Work request
The answer must consist solely of the lines from the one containing "ཟབ་མོར་བསྟན་པ་དང་། དངོས་སོ། །དང་པོ་ནི།" to the end of the entries below, repeated exactly.

Material supplied
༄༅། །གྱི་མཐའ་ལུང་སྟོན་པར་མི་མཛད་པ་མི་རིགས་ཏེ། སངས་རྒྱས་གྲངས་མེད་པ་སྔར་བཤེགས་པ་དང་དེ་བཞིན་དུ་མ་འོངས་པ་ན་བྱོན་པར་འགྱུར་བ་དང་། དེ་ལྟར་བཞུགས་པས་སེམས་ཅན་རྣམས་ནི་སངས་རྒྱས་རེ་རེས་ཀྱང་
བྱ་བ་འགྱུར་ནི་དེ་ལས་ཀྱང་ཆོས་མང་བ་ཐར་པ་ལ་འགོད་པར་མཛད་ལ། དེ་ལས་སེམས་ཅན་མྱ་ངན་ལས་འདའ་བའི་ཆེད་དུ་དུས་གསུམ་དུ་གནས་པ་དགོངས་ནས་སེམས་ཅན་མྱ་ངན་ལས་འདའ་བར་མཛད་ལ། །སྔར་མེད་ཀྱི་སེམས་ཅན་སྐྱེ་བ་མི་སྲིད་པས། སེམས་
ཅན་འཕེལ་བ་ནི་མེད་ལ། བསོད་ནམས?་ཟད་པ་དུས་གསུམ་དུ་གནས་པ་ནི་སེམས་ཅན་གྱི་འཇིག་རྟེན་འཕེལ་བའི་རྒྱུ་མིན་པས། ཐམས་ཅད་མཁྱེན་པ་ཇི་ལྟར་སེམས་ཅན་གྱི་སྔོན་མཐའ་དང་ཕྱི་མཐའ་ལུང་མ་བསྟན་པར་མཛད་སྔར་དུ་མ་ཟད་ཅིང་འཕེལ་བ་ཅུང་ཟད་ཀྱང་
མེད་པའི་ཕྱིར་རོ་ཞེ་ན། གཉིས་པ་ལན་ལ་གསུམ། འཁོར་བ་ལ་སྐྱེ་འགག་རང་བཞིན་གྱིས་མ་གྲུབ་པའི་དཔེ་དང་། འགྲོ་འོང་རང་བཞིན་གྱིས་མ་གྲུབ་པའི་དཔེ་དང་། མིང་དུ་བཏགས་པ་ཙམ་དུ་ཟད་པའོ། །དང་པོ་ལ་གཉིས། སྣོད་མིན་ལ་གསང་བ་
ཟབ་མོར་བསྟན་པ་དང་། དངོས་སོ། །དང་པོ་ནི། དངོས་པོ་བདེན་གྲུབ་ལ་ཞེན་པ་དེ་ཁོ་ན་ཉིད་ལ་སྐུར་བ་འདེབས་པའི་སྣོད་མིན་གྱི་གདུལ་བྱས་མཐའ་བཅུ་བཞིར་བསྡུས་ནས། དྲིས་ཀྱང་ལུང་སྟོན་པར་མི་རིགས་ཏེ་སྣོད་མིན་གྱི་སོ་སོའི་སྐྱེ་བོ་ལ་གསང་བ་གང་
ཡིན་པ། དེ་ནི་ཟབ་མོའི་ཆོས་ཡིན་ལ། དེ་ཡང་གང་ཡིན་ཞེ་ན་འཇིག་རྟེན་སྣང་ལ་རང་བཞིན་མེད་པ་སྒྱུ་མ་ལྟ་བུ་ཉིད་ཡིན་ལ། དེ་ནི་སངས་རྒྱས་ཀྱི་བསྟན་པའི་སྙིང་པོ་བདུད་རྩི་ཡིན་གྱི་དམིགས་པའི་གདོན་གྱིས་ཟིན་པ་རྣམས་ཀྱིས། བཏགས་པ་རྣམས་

Written reply
ཟབ་མོར་བསྟན་པ་དང་། དངོས་སོ། །དང་པོ་ནི། དངོས་པོ་བདེན་གྲུབ་ལ་ཞེན་པ་དེ་ཁོ་ན་ཉིད་ལ་སྐུར་བ་འདེབས་པའི་སྣོད་མིན་གྱི་གདུལ་བྱས་མཐའ་བཅུ་བཞིར་བསྡུས་ནས། དྲིས་ཀྱང་ལུང་སྟོན་པར་མི་རིགས་ཏེ་སྣོད་མིན་གྱི་སོ་སོའི་སྐྱེ་བོ་ལ་གསང་བ་གང་
ཡིན་པ། དེ་ནི་ཟབ་མོའི་ཆོས་ཡིན་ལ། དེ་ཡང་གང་ཡིན་ཞེ་ན་འཇིག་རྟེན་སྣང་ལ་རང་བཞིན་མེད་པ་སྒྱུ་མ་ལྟ་བུ་ཉིད་ཡིན་ལ། དེ་ནི་སངས་རྒྱས་ཀྱི་བསྟན་པའི་སྙིང་པོ་བདུད་རྩི་ཡིན་གྱི་དམིགས་པའི་གདོན་གྱིས་ཟིན་པ་རྣམས་ཀྱིས། བཏགས་པ་རྣམས་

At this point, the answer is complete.